1912–1913 painting by Kazimir Malevich

The Knifegrinder or Principle of Glittering (Точильщик), also called The Knifegrinder (The Glittering Edge), and sometimes shortened to simply The Knifegrinder, is a 1912–1913 cubo-futurist painting by the artist Kazimir Malevich, hence the fragmentation of form associated with futurism as well as the abstract geometry related to cubism. As of 2014, it is in the collection of the Yale University Art Gallery in New Haven, Connecticut.

==History==

Very little documentation of the work exists, but it is known that it was painted circa 1912–1913, during the artist's Cubo-Futurist phase.

In 1941, it was given to the Yale University Art Gallery by the Collection Société Anonyme.

==Description==
The artwork is typical of Malevich's other paintings, in that the subject matter is of a person generally overlooked by society.

The painting depicts a moustached man in a suit and hat manually grinding a knife on a knife sharpener, or a grinding wheel.

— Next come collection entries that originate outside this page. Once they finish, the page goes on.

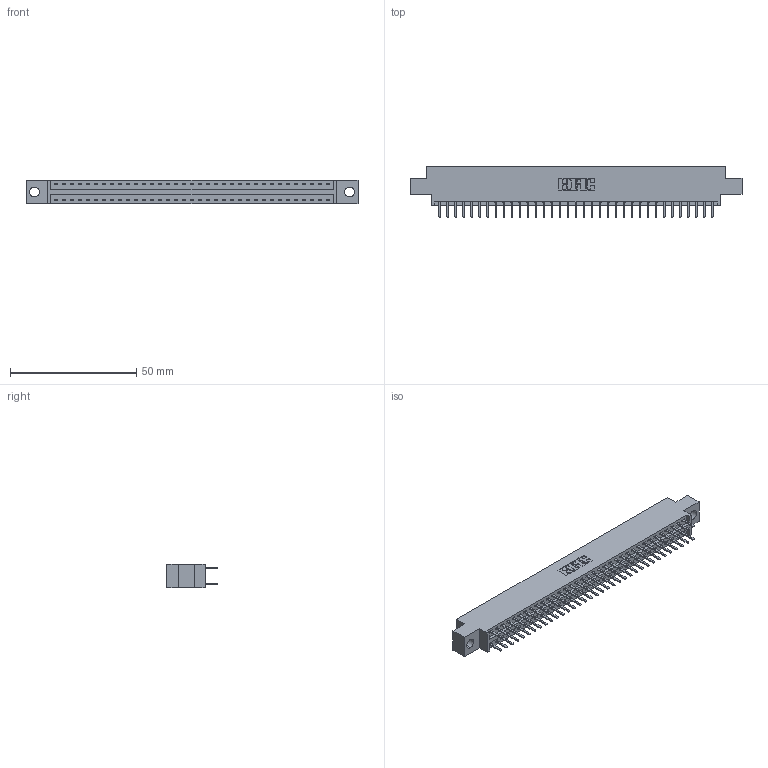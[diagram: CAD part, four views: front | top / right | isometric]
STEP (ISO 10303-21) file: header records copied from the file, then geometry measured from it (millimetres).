
FILE_DESCRIPTION (( 'STEP AP203' ), '1' );
FILE_NAME ('346-070-520-804.STEP', '2022-05-24T20:49:33', ( '' ), ( '' ), 'SwSTEP 2.0', 'SolidWorks 2020', '' );
FILE_SCHEMA (( 'CONFIG_CONTROL_DESIGN' ));
Length unit declared in the file: inch
Products named in the file (3): 346 Part_0.170 Offset - 0.156 Dia-TH; 346-070-520-804; 345-292-001_345-293-120
Assembly tree (71 placements, depth 2):
  346-070-520-804
    346 Part_0.170 Offset - 0.156 Dia-TH
    345-292-001_345-293-120  x70
Bounding box: 131.7 x 20.02 x 9.4 mm (x, y, z)
Volume: 12496.6 mm3; surface area: 17022.8 mm2
Topology: 71 solids, 71 shells, 4060 faces, 11787 edges, 7670 vertices
Faces by surface type: plane 2684, cylinder 1376
Entity records: 24449 total; most frequent: CARTESIAN_POINT 4058, ORIENTED_EDGE 3978, DIRECTION 3613, EDGE_CURVE 1989, LINE 1713, VECTOR 1713, VERTEX_POINT 1322, AXIS2_PLACEMENT_3D 950

The human is in a constant state of movement; the person is either repeatedly inspecting his progress on the knife, and, dismayed by the fact that it is not yet sharp enough, once more starts busily peddling the machine, is simply applying the blade to the machine in a fragmentary way, as though he were a novice, or is only shown carefully putting the blade to the sharpener in slow motion. Shavings of metal are suggested by chunks of green around the grinder's face and hands. Behind him on the left are some vases atop shelves and a table and possibly one or two metal pipes, whilst on the right are unclear grey objects (possibly buildings), implying that the person is a professional knife grinder in their workshop; a small staircase may also be observed at the bottom right corner.

The colours blue, green and silver are dominant in the painting; other colours used are orange, yellow, brown and crimson. The metallic palette was probably chosen to emphasise the violent manner in which the shavings and knife glitter.